Is there a best way to manually trigger a pipeline...
# troubleshooting
g
Is there a best way to manually trigger a pipeline (has a dag and orchestrated through airflow)? I've noticed when I trigger using airflow in the meltano CLI it does not sync up with the Meltano UI. I am hoping to have Airflow UI and Meltano UI synced up, but want to manually trigger a pipeline (another pipeline is currently running). Would it be best to do so through Meltano UI? That is what I was going to try next
n
I don’t believe the meltano UI and airflow UI automatically sync up (at least, I haven’t encountered that in my testing, which sounds similar to yours). As for manual pipeline triggers, I’ve had success doing that in the airflow UI directly. In the view that lists all your DAGs, there’s a column on the far right with lots of icons. I forget which one specifically, but one of them is for manual triggering of jobs.
g
Perfect, that's what I've tried but ended up resetting it because I wasn't sure why it wasn't syncing... Thanks for the clarity! I am currently working through trying to figure out why a pipeline is loading data even though it has been deleted and the DAG was deleted.
@nick_hamlin Do you know if it is necessary to include anything in the Configuration JSON? This is the page that is brought up after selecting "Trigger DAG"
n
I haven’t been doing that and it’s been working just fine 🙂
g
Ah just leaving blank? Awesome! Sounds good 🙂
n
One idea: airflow is always running a process in the background that checks for DAGs it doesn’t know about. So, if even if you delete the DAG via the UI, airflow will add it back in automatically unless you also remove the underlying python code
g
When removing the DAG I believe I ran the airflow CLI command which deletes all files/references/occurrences related to that DAG. However, previous to that I believe I might have deleted a DAG via the UI which could be causing this issue. Thanks for the info! Wasn't totally sure about that beforehand.

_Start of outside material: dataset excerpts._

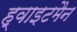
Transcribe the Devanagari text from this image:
ह्वाइटमैन
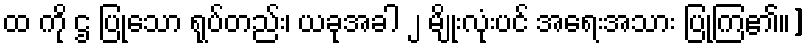
ထ ကို ဌ ပြုသော ရုပ်တည်း၊ ယခုအခါ ၂ မျိုးလုံးပင် အရေးအသား ပြုကြ၏။]
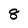
Character: 8
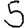
Digit: 5
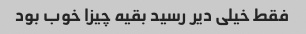
فقط خیلی دیر رسید بقیه چیزا خوب بود
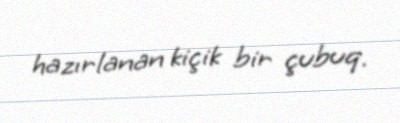
hazırlanan kiçik bir çubuq.
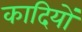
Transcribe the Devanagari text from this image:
कादियों
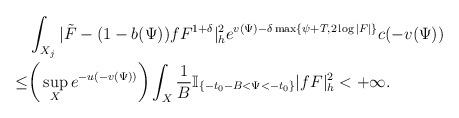
LaTeX: \begin{align*}&\int_{X_j}|\tilde{F}-(1-b(\Psi))fF^{1+\delta}|_{h}^2e^{v(\Psi)-\delta \max\{\psi+T,2\log|F|\}}c(-v(\Psi))\\\le &\bigg(\sup_{X}e^{-u(-v(\Psi))}\bigg)\int_{X}\frac{1}{B}\mathbb{I}_{\{-t_0-B<\Psi<-t_0\}} |fF|^2_h<+\infty.\end{align*}
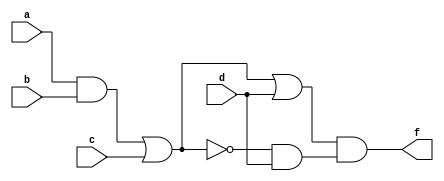
module exercise1i(a, b, c, d, f);
input a, b, c, d;
output f;
and(x1, a, b);
or(x2, x1, c);
not(x3, x2);
and(x4, x3, d);
or(x5, x2, d);
and(f, x5, x4);
endmodule
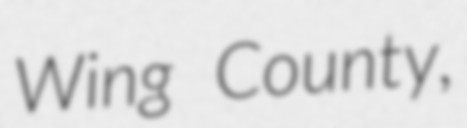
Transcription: Wing County,
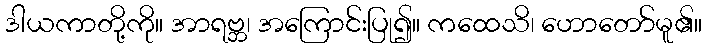
ဒါယကာတို့ကို။ အာရဗ္ဘ၊ အကြောင်းပြု၍။ ကထေသိ၊ ဟောတော်မူ၏။
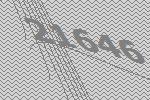
21646
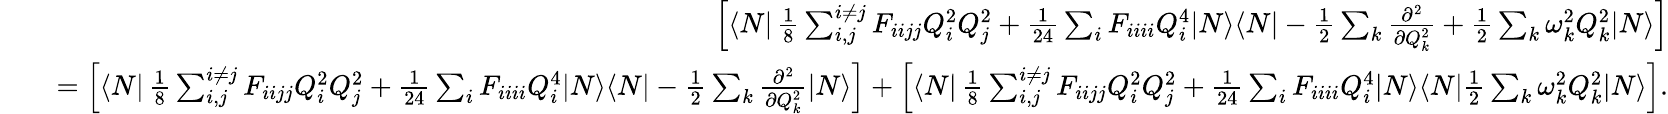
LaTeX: \begin{array}{rlr}&{}&{\left[\langle N|\, \frac{1}{8}\sum_{i,j}^{i\neq j}F_{iijj}Q_{i}^{2}Q_{j}^{2}+\frac{1}{24}\sum_{i}F_{iiii}Q_{i}^{4}|N\rangle\langle N|-\frac{1}{2}\sum_{k}\frac{\partial^{2}}{\partial Q_{k}^{2}}+\frac{1}{2}\sum_{k}\omega_{k}^{2}Q_{k}^{2}|N\rangle\right]}\\ &{}&{=\left[\langle N|\, \frac{1}{8}\sum_{i,j}^{i\neq j}F_{iijj}Q_{i}^{2}Q_{j}^{2}+\frac{1}{24}\sum_{i}F_{iiii}Q_{i}^{4}|N\rangle\langle N|-\frac{1}{2}\sum_{k}\frac{\partial^{2}}{\partial Q_{k}^{2}}|N\rangle\right]+\left[\langle N|\, \frac{1}{8}\sum_{i,j}^{i\neq j}F_{iijj}Q_{i}^{2}Q_{j}^{2}+\frac{1}{24}\sum_{i}F_{iiii}Q_{i}^{4}|N\rangle\langle N|\frac{1}{2}\sum_{k}\omega_{k}^{2}Q_{k}^{2}|N\rangle\right].}\end{array}
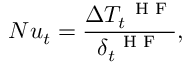
N u _ { t } = \frac { \Delta T _ { t } ^ { \mathrm { ~ \scriptsize ~ H ~ F ~ } } } { \delta _ { t } ^ { \mathrm { ~ \scriptsize ~ H ~ F ~ } } } ,
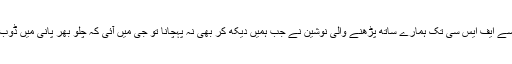
پریپ سے ایف ایس سی تک ہمارے ساتھ پڑھنے والی نوشین نے جب ہمیں دیکھ کر بھی نہ پہچانا تو جی میں آئی کہ چلو بھر پانی میں ڈوب مریں۔
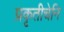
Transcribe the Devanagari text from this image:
प्रकृतीचेनि
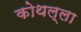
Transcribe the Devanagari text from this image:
कोथल्ला
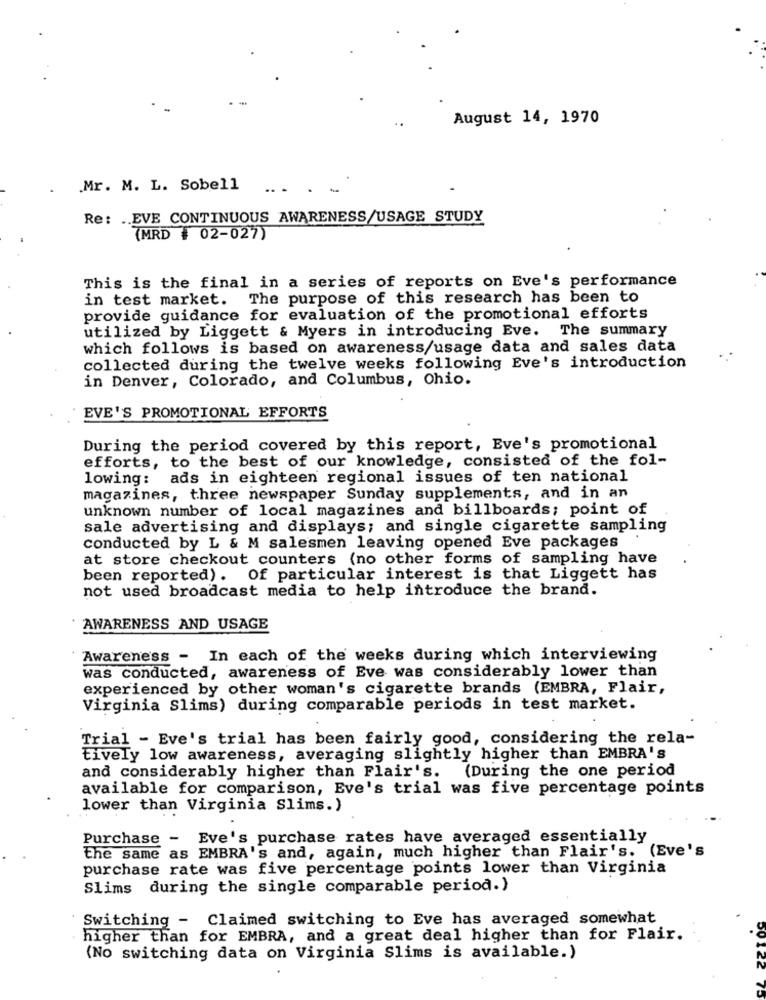
August 14, 1970
Mr. M. L. Sobell
Re: .. EVE CONTINUOUS AWARENESS/USAGE STUDY
(MRD # 02-027)
This is the final in a series of reports on Eve's performance
in test market.
The purpose of this research has been to
provide guidance for evaluation of the promotional efforts
utilized by Liggett & Myers in introducing Eve. The summary
which follows is based on awareness/usage data and sales data
collected during the twelve weeks following Eve's introduction
in Denver, Colorado, and Columbus, Ohio.
EVE'S PROMOTIONAL EFFORTS
During the period covered by this report, Eve's promotional
efforts, to the best of our knowledge, consisted of the fol-
lowing: ads in eighteen regional issues of ten national
magazines, three newspaper Sunday supplements, and in an
unknown number of local magazines and billboards; point of
sale advertising and displays; and single cigarette sampling
conducted by L & M salesmen leaving opened Eve packages
at store checkout counters (no other forms of sampling have
been reported). Of particular interest is that Liggett has
not used broadcast media to help introduce the brand.
AWARENESS AND USAGE
Awareness - In each of the weeks during which interviewing
was conducted, awareness of Eve was considerably lower than
experienced by other woman's cigarette brands (EMBRA, Flair,
Virginia Slims) during comparable periods in test market.
Trial - Eve's trial has been fairly good, considering the rela-
tively low awareness, averaging slightly higher than EMBRA's
(During the one period
and considerably higher than Flair's.
available for comparison, Eve's trial was five percentage points
lower than Virginia Slims.)
Purchase - Eve's purchase rates have averaged essentially
the same as EMBRA's and, again, much higher than Flair's. (Eve's
purchase rate was five percentage points lower than Virginia
Slims during the single comparable period.)
Switching - Claimed switching to Eve has averaged somewhat
higher than for EMBRA, and a great deal higher than for Flair.
(No switching data on Virginia Slims is available.)
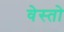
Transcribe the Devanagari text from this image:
वेस्तो
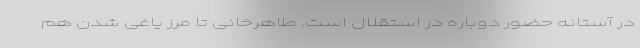
در آستانه حضور دوباره در استقلال است. طاهرخانی تا مرز یاغی شدن هم
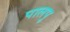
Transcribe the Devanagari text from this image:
पालपु
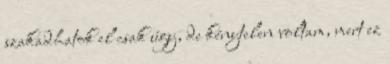
szakadhatok el csak úgy, de kénytelen voltam, mert ez
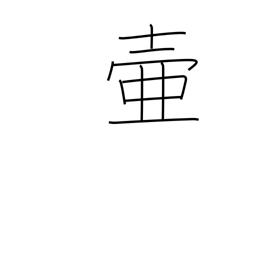
Meaning: jar
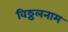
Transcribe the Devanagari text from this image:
विठ्ठलनाम
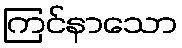
ကြင်နာသော
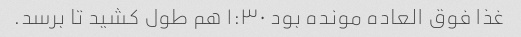
غذا فوق العاده مونده بود ١:٣٠ هم طول کشید تا برسد.
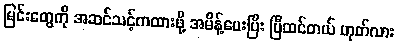
မြင်းတွေကို အဆင်သင့်ကထားဖို့ အမိန့်ပေးပြီး ပြီထင်တယ် ဟုတ်လား
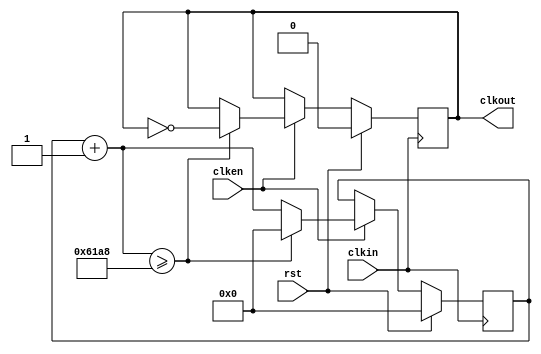
module clkgen(
		input clkin,
		input rst,
		input clken,
		output reg clkout
);
parameter clk_freq=1000;
parameter countlimit=50000000/2/clk_freq; //        
initial begin
	clkout = 0;

end

 reg[31:0] clkcount = 0;
 always @ (posedge clkin)
 if(rst)
		 begin
				 clkcount=0;
				 clkout=1'b0;
		 end
 else
 begin
		 if(clken)
		 begin
				 clkcount=clkcount+1;
				 if(clkcount>=countlimit)
						 begin
								 clkcount=32'd0;
								 clkout=~clkout;
						 end
				 else
						clkout=clkout;
		 end
		 else
				 begin
						 clkcount=clkcount;
						 clkout=clkout;
				 end
 end
 endmodule
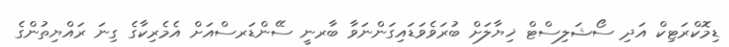
ޑިމޮކްރަޓިކް އަދި ސޯޝަލިސްޓް ޚިޔާލަށް ބުރަވެވަޑައިގަންނަވާ ބާރނީ ސޭންޑަރސްއަށް އެމެރިކާގެ ގިނަ ރައްޔިތުންގެ
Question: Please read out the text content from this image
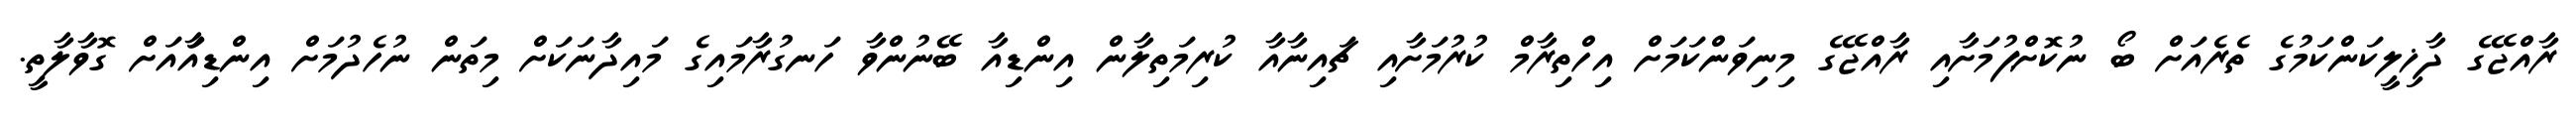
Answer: ރާއްޖޭގެ ދާޚިލީކަންކަމުގެ ތެރެއަށް ބޯ ނުކޮށްޕުމަށާއި ރާއްޖޭގެ މިނިވަންކަމަށް އިހްތިރާމް ކުރުމަށާއި ޗައިނާއާ ކުރިމަތިލާން އިންޑިއާ ބޭނުންވާ ހަނގުރާމައިގެ މައިދާނަކަށް މިތަން ނުހެދުމަށް އިންޑިއާައަށް ގޮވާލާތީ.
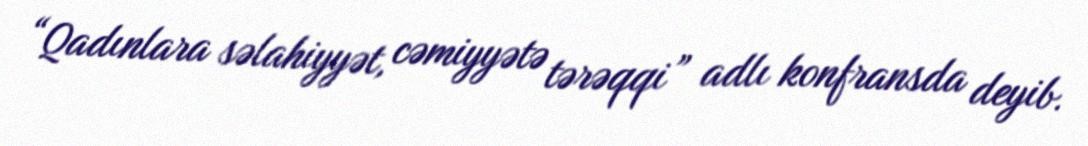
“Qadınlara səlahiyyət, cəmiyyətə tərəqqi” adlı konfransda deyib.
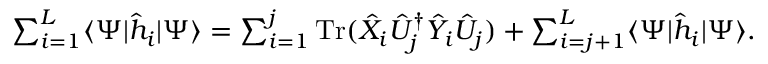
\textstyle \sum _ { i = 1 } ^ { L } \langle \Psi | \hat { h } _ { i } | \Psi \rangle = \sum _ { i = 1 } ^ { j } \operatorname { T r } ( \hat { X } _ { i } \hat { U } _ { j } ^ { \dag } \hat { Y } _ { i } \hat { U } _ { j } ) + \sum _ { i = j + 1 } ^ { L } \langle \Psi | \hat { h } _ { i } | \Psi \rangle .

hmm, I've been waiting to trigger the DAG to see if the table is still being generated and populated without it running (and old instance I think). It seems as thought that one of my old DAGS that have been deleted is still loading data. This issue has been ongoing and has occurred before
d
@nick_hamlin @gunnar What do you mean when you say the Airflow and Meltano UIs aren't synced up? Triggering a DAG in Airflow should make the same pipeline go to "running" in Meltano UI, and you should be able to view the logs from Meltano UI as well
n
A major reason I’ve leaned towards doing things in airflow rather than meltano directly is that I have greater control over the parameters I can include in a given job (mostly getting really specific with
--select
for different pipelines within a single tap). This means that I don’t have corresponding jobs appearing in the meltano UI for the pipelines I’ve written directly in airflow. And (at least as far as I know), because nothing is appearing under the pipelines tab, I also don’t have a way to see those logs through the meltano UI (which is what led to exploration of the airflow logs in the other thread)
d
Ah right, Meltano UI's Pipelines will only list pipelines from the
schedules
section in
meltano.yml
. If you're creating pipelines on the fly with dynamic
job_id
s, they won't show up there.
e
@nick_hamlin, I'm interested in how you are managing this. I've just gotten started with Meltano and I wound up having "base extractors" which define connections to various databases. From there, I have "selection extractors" which inherit from the base and each one has a different set of select's set so that each "selection extractor" is pulling different tables from the db.
n
That seems like it would totally work, though I’m doing it slightly differently. I have the one extractor with all the selects set up. From there, I run separate
meltano elt
commands with different
--select
args when to orchestrate different subsets of the tables/fields handled by that extractor.
Sounds like the end result would be the same as yours (and I may wind up refactoring to something that more closely resembles what you’ve got down the road, but I’ve found it nice to have the flexibility to modify jobs at the
meltano elt
level instead of needing to make changes to
meltano.yml
everytime because we’re still early on in our implementation and lots is changing rapidly
e
Gotcha.... I'm happy with how mine is working, although, another approach that I'd consider now that I've seen airflow in action: Define an extractor for each table and then use 'pools' in airflow to control how many of them execute at once.